(GIVEN RECORDS)

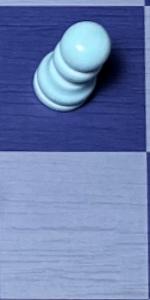
Label: Empty
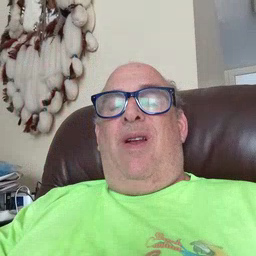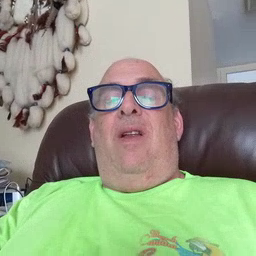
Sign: rain
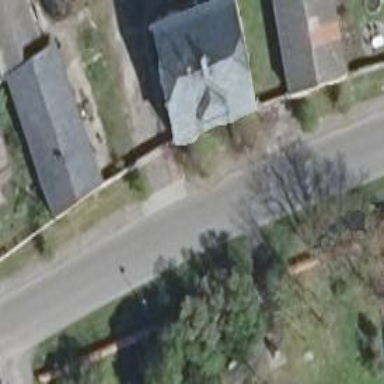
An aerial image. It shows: House with half-hipped roof oriented across the structure.
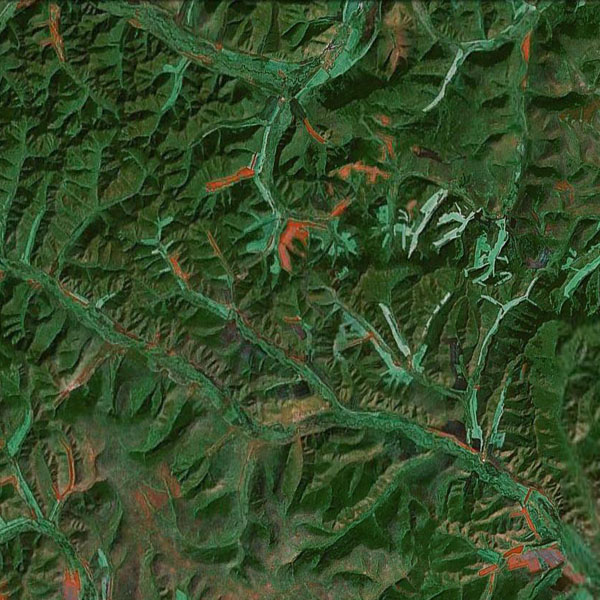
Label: Mountain
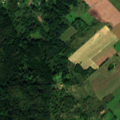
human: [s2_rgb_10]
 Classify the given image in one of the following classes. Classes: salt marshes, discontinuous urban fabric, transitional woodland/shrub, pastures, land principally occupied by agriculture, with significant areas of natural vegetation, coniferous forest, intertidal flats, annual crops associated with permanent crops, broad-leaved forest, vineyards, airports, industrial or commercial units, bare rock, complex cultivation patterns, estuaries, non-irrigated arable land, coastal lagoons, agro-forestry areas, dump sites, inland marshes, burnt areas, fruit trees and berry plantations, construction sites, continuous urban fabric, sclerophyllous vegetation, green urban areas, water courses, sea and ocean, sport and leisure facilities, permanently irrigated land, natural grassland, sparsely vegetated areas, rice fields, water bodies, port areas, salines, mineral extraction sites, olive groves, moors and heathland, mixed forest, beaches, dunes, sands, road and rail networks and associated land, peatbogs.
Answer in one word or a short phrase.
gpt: non-irrigated arable land, land principally occupied by agriculture, with significant areas of natural vegetation, broad-leaved forest, coniferous forest
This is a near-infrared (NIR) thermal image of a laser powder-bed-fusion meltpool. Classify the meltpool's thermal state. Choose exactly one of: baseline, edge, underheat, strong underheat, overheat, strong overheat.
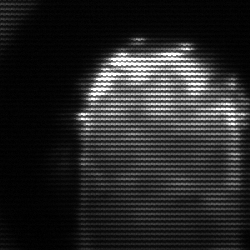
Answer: baseline

(End GIVEN RECORDS)

Only the lines from the one with "This is a near-infrared" through the final line of the entries above should be transcribed, exactly and without pictures.

This is a near-infrared (NIR) thermal image of a laser powder-bed-fusion meltpool. Classify the meltpool's thermal state. Choose exactly one of: baseline, edge, underheat, strong underheat, overheat, strong overheat.
Answer: baseline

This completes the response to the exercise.